Continued from part 1…
As civil society discourse began to re-enter the currency of political debate a decade or two ago, historians of political thought reminded protagonists that the term in its modern sense goes back at least to the eighteenth century. Before then—up to early modern thinkers such as Locke—when the term civil society was employed, it characteristically referred to the whole of a politically organized society. In classical, medieval, and early modern times, this whole was characterized variously as polis, civitas, respublica, commonwealth, body politic, or political society. These were not synonyms; they suggested different understandings of the relation between the institutions we now call political and those that were referred to as their parts or members or organs. But none seemed to permit the isolation of a sphere of social reality that was not political.
By contrast, the modern usages of the term presuppose the formulation of exactly such a sphere. They proceeded from a sharp distinction between state and society, making possible the identification of a sphere of social reality other than the state, though not necessarily wholly separate from or antagonistic to it.

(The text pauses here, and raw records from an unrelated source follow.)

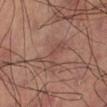{"lesion_size": {"long_diameter_mm_approx": 4.0}, "image": {"source": "total-body photography crop", "field_of_view_mm": 15}, "patient": {"sex": "male", "age_approx": 60}}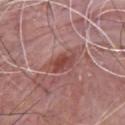{
  "biopsy_status": "not biopsied; imaged during a skin examination",
  "lesion_size": {
    "long_diameter_mm_approx": 4.0
  },
  "patient": {
    "sex": "male",
    "age_approx": 70
  },
  "lighting": "white-light",
  "site": "chest",
  "image": {
    "source": "total-body photography crop",
    "field_of_view_mm": 15
  }
}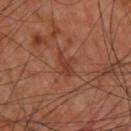biopsy_status: not biopsied; imaged during a skin examination
automated_metrics:
  area_mm2_approx: 4.0
  shape_asymmetry: 0.4
  cielab_L: 38
  cielab_a: 24
  cielab_b: 29
  vs_skin_darker_L: 7.0
  vs_skin_contrast_norm: 6.0
patient:
  sex: male
  age_approx: 60
image:
  source: total-body photography crop
  field_of_view_mm: 15
lighting: cross-polarized
site: upper back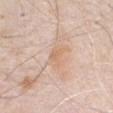  site: front of the torso
  image:
    source: total-body photography crop
    field_of_view_mm: 15
  patient:
    sex: male
    age_approx: 80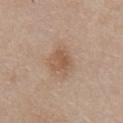<record>
  <biopsy_status>not biopsied; imaged during a skin examination</biopsy_status>
  <image>
    <source>total-body photography crop</source>
    <field_of_view_mm>15</field_of_view_mm>
  </image>
  <lesion_size>
    <long_diameter_mm_approx>4.0</long_diameter_mm_approx>
  </lesion_size>
  <site>chest</site>
  <automated_metrics>
    <area_mm2_approx>8.0</area_mm2_approx>
    <eccentricity>0.7</eccentricity>
    <shape_asymmetry>0.25</shape_asymmetry>
  </automated_metrics>
  <patient>
    <sex>male</sex>
    <age_approx>55</age_approx>
  </patient>
  <lighting>white-light</lighting>
</record>

How was that sphere to be characterized? John Ehrenberg in Civil Society (1999), traces two contrasting emphases emerging in parallel during the eighteenth and nineteenth centuries. I will term these an individualist account, oriented especially to a notion of spontaneously harmonizing economic activity among free individuals (originating with Adam Ferguson and Adam Smith and critically developed by Marx and Hegel), and an associationist account, viewing society as a network of associations or communities intermediate between individual and state (originating with Montesquieu and de Tocqueville). It is various versions of the latter that now predominate contemporary discourse (across all three perspectives).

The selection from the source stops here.